Statistical Analysis
All data were expressed as mean ± SEM. When data were not Gaussian, a logarithmic or square root transformation was applied. Differences between experimental groups were assessed using Student’s test or two-way ANOVA. A p value of < 0.05 was considered statistically significant.
Results
Ganetespib treatment selectively inhibits accumulation of HIF-1α in hypoxic breast cancer cells
To investigate the effect of ganetespib on the accumulation of HIF-1α and HIF-2β in response to hypoxia, MDA-MB-231 [31] and MDA-MB-435 [32] triple-negative breast cancer cells were pre-treated with 100 nM ganetespib or vehicle for 30 min and then exposed to 20% or 1% O2 in the continued presence of drug for 6 h. Immunoblot assays revealed that hypoxia-induced accumulation of HIF-1α was markedly reduced, whereas HIF-2β levels were only modestly reduced (MDA-MB-231) or unaffected (MDA-MB-231) by ganetespib treatment (Figure 1). Thus, ganetespib selectively inhibits accumulation of HIF-1α in human triple-negative breast cancer cells.
Fig. 1.
Ganetespib treatment inhibits accumulation of HIF-1α in MDA-MB-231 and MDA-MB-435 cells exposed to hypoxia. Cells were pretreated with ganetespib (100 nM) or vehicle for 30 min and exposed to 20% or 1% O2 for 6 h. Whole cell lysates were prepared and aliquots were subjected to immunoblot assay using antibodies against HIF-1α, HIF-2α, HIF-1β, or actin.
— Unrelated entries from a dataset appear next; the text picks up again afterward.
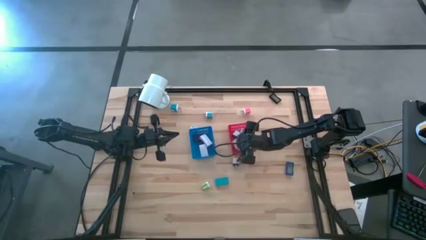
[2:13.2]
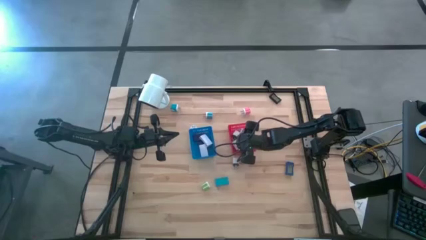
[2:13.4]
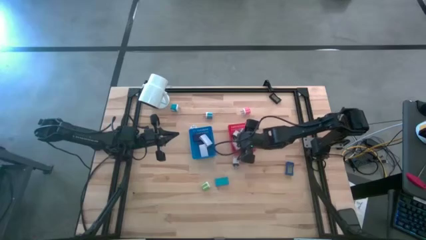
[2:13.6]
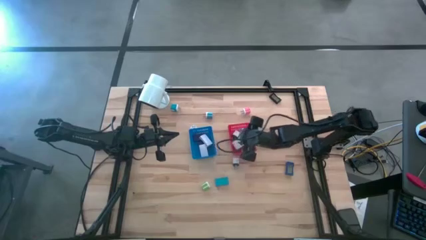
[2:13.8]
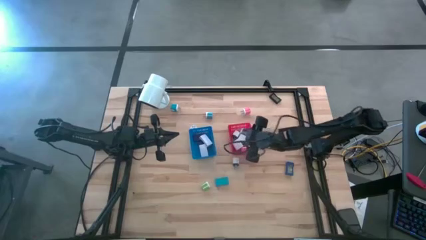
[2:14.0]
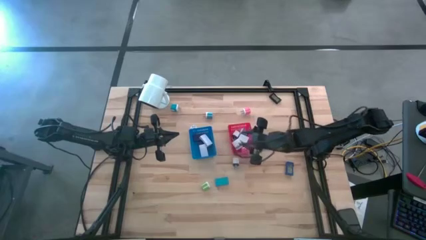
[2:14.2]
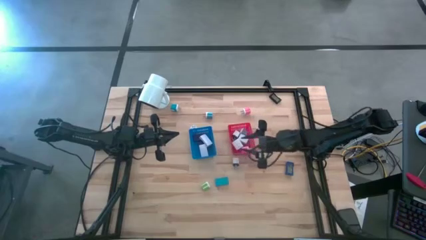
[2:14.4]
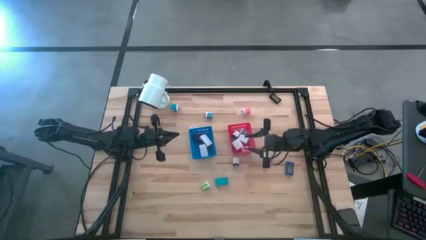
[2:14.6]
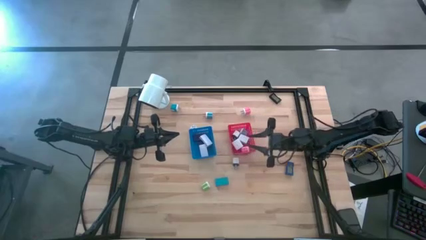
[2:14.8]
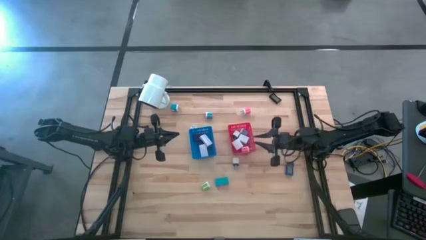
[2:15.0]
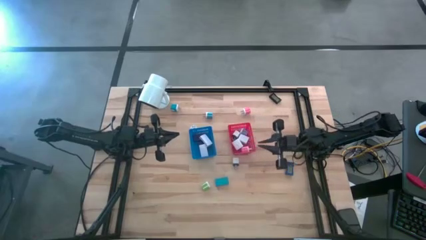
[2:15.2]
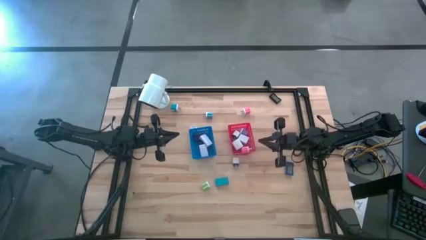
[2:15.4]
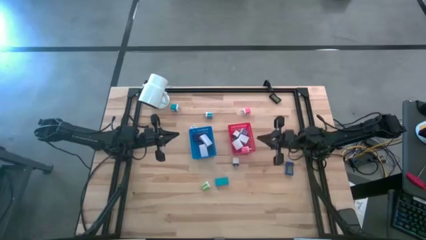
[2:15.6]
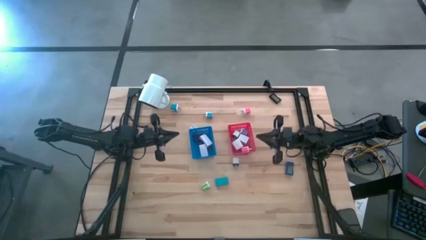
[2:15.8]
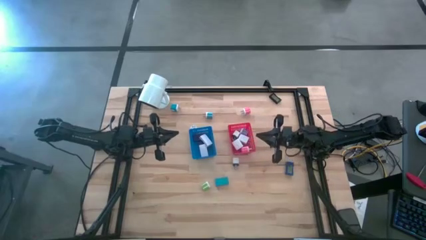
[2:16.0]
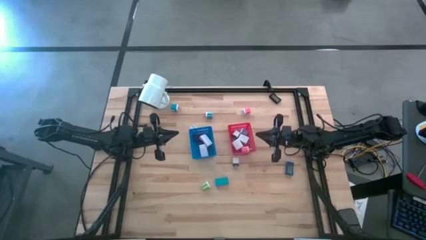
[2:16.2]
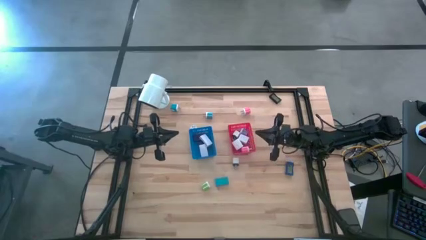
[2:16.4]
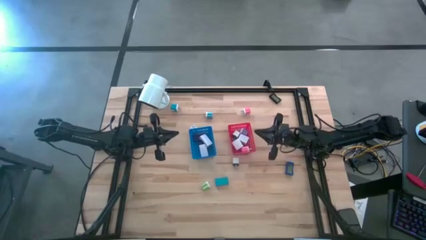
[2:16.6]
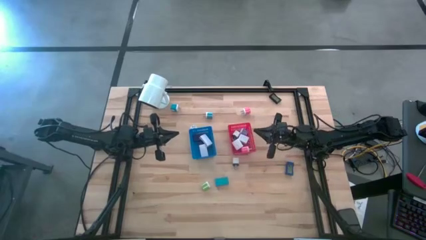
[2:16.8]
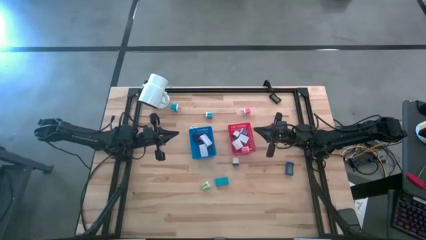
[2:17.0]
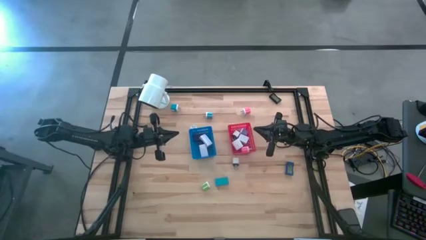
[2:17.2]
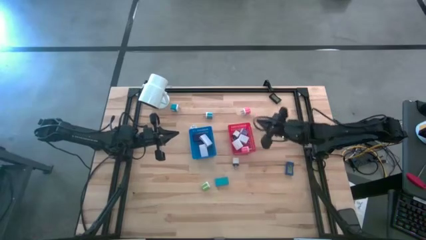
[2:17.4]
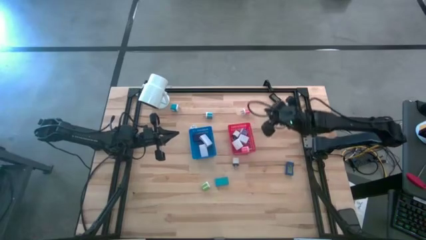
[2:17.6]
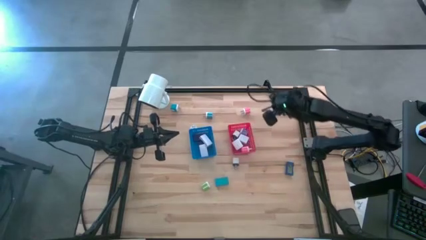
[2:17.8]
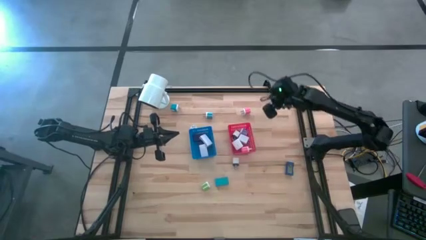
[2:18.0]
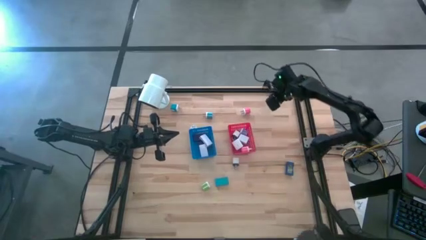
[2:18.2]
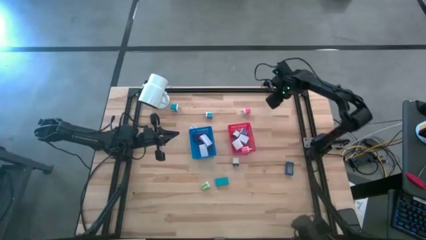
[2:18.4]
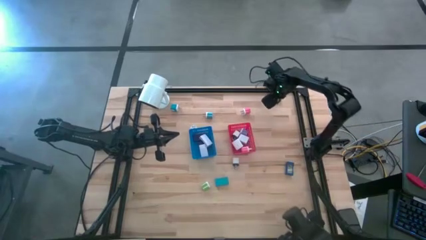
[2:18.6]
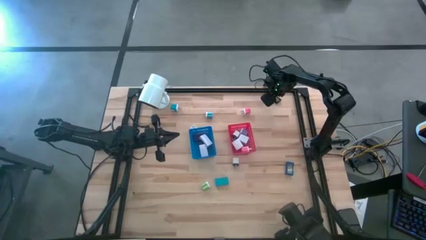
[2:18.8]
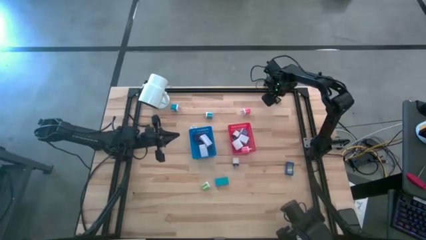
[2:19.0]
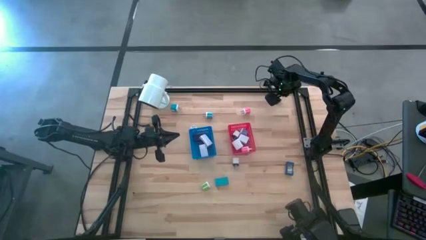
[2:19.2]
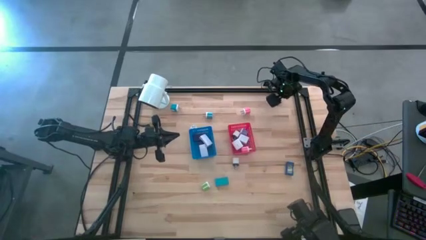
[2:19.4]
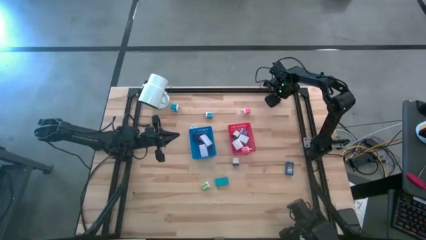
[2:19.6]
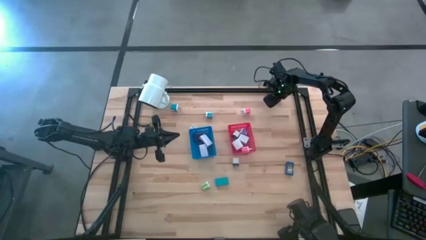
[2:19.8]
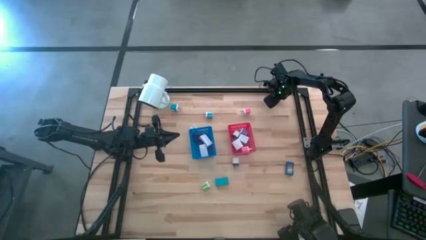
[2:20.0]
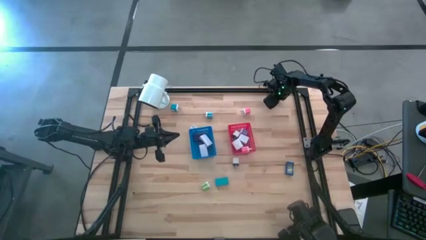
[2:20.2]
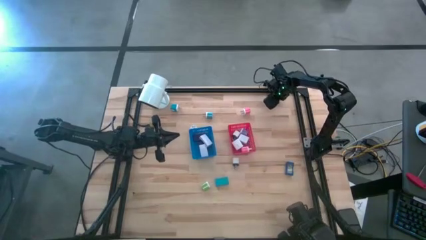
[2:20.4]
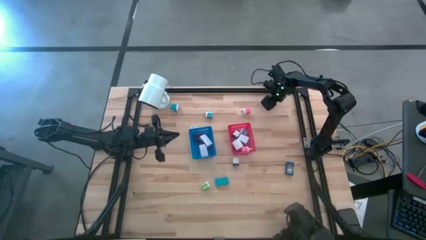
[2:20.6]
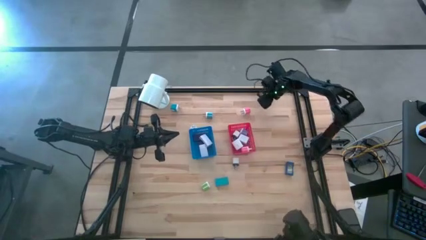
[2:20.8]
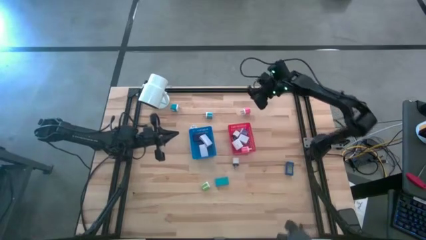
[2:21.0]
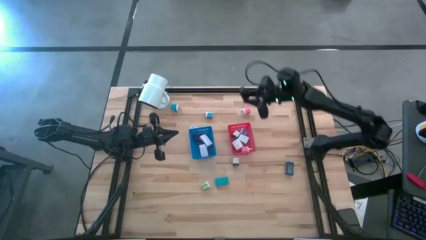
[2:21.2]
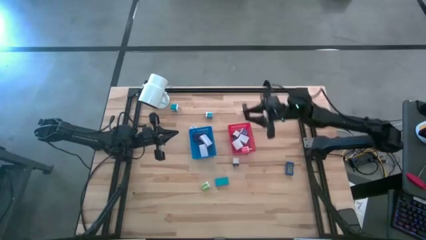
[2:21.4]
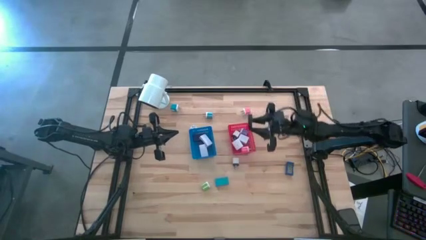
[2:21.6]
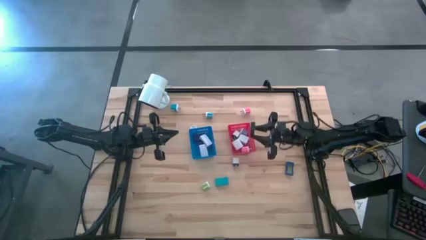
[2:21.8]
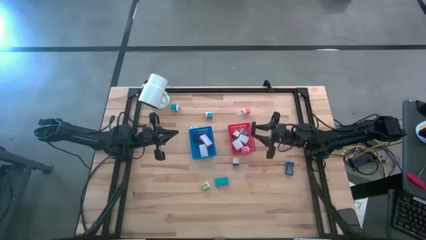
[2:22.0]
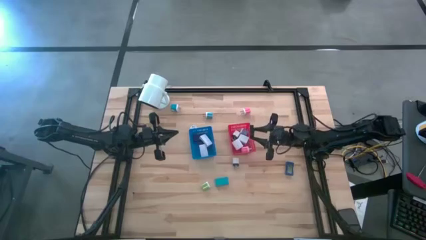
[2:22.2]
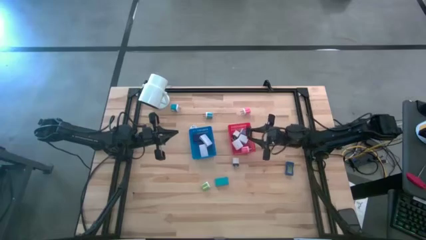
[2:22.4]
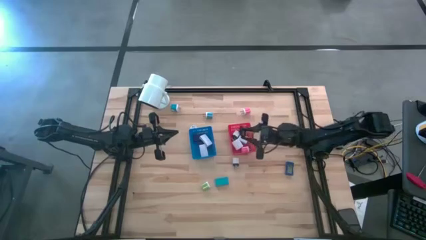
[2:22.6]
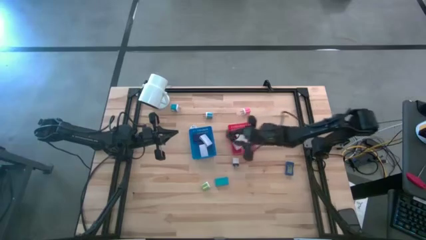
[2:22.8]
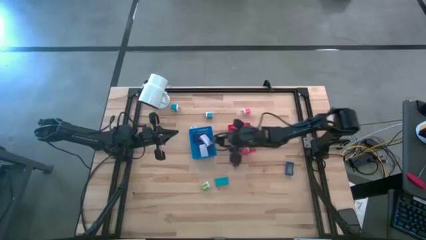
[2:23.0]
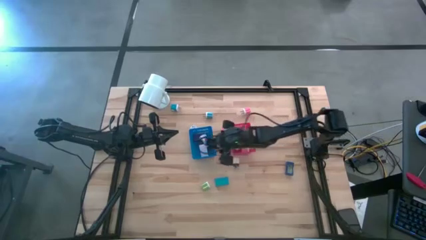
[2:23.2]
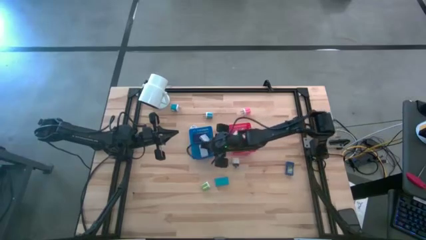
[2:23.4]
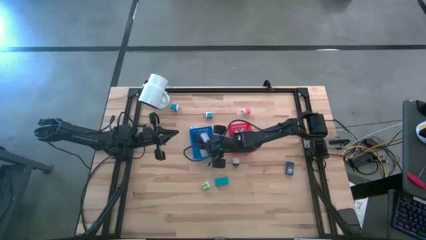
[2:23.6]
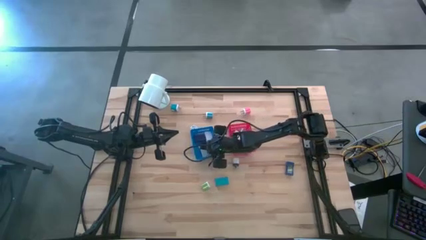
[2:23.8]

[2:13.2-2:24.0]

Ganetespib treatment inhibits primary tumor growth and vascularization after orthotopic implantation of MDA-MB-231 cells
MDA-MB-231 human triple-negative breast cancer cells were implanted in the mammary fat pad of SCID mice. When tumors became palpable on day 7 after implantation, mice were randomized to treatment with ganetespib (150 mg/kg) or vehicle (N = 9 mice in each group) by tail vein injection every 7 days over a six-week period. The growth of primary tumors in mice treated with ganetespib was significantly decreased compared with tumors in mice treated with vehicle (Fig. 2a). There was no significant difference in body weight in ganetespib or vehicle treated mice between the start point and end point of the study on day 44 (Fig. 2b). The final weight of tumors from ganetespib treated mice was significantly decreased compared to tumors from vehicle treated mice (Fig. 2c). Consistent with the reduction in tumor growth, Ki67 staining (Fig. 2d) was significantly decreased in tumors from ganetespib treated mice (Fig. 2g). CD31 immunohistochemistry (Fig. 2e) revealed that blood vessel density was significantly decreased in tumors from ganetespib treated mice (Fig. 2h), which was associated with increased intratumoral hypoxia (Fig. 2i) as demonstrated by pimonidazole staining (Fig. 2f). Thus, ganetespib treatment significantly reduced the growth and vascularization of primary tumors following orthotopic transplantation of human breast cancer cells. These results are consistent with those previously observed in mice bearing subcutaneous xenografts of non-small cell lung cancer cells [26].
Fig. 2.
Ganetespib treatment inhibits breast tumor growth and vascularization. Severe combined immunodeficiency (SCID) mice received a mammary fat pad injection of 2×106 MDA-MB-231 cells. When tumors became palpable, the mice were treated by tail vein injection of vehicle (Veh) or ganetespib (Gan; 150 mg/kg/week) starting on day 7 after orthotopic injection and weekly thereafter. a-c Tumor volume (a) and body weight (b) were determined twice weekly. On day 44, the mice were administered pimonidazole and, 1 h later, tumors were harvested and weighed (c). ***p < 0.001 vs vehicle, two-way ANOVA or Student’s t test (mean ± SEM; n = 9). d-f Immunohistochemistry was performed on tumor tissue sections from mice treated with Veh or Gan to analyze cell proliferation by Ki67 staining (d), angiogenesis by CD31 staining (e), and intratumoral hypoxia by pimonidazole staining (f). Representative photomicrographs are shown, with the bottom panel showing higher magnification of the insert from the top panel; scale bar = 200 µm. g-i The stained sections were subjected to image analysis and quantification (mean ± SEM); *p < 0.05, ***p < 0.001 vs vehicle, Student’s t test.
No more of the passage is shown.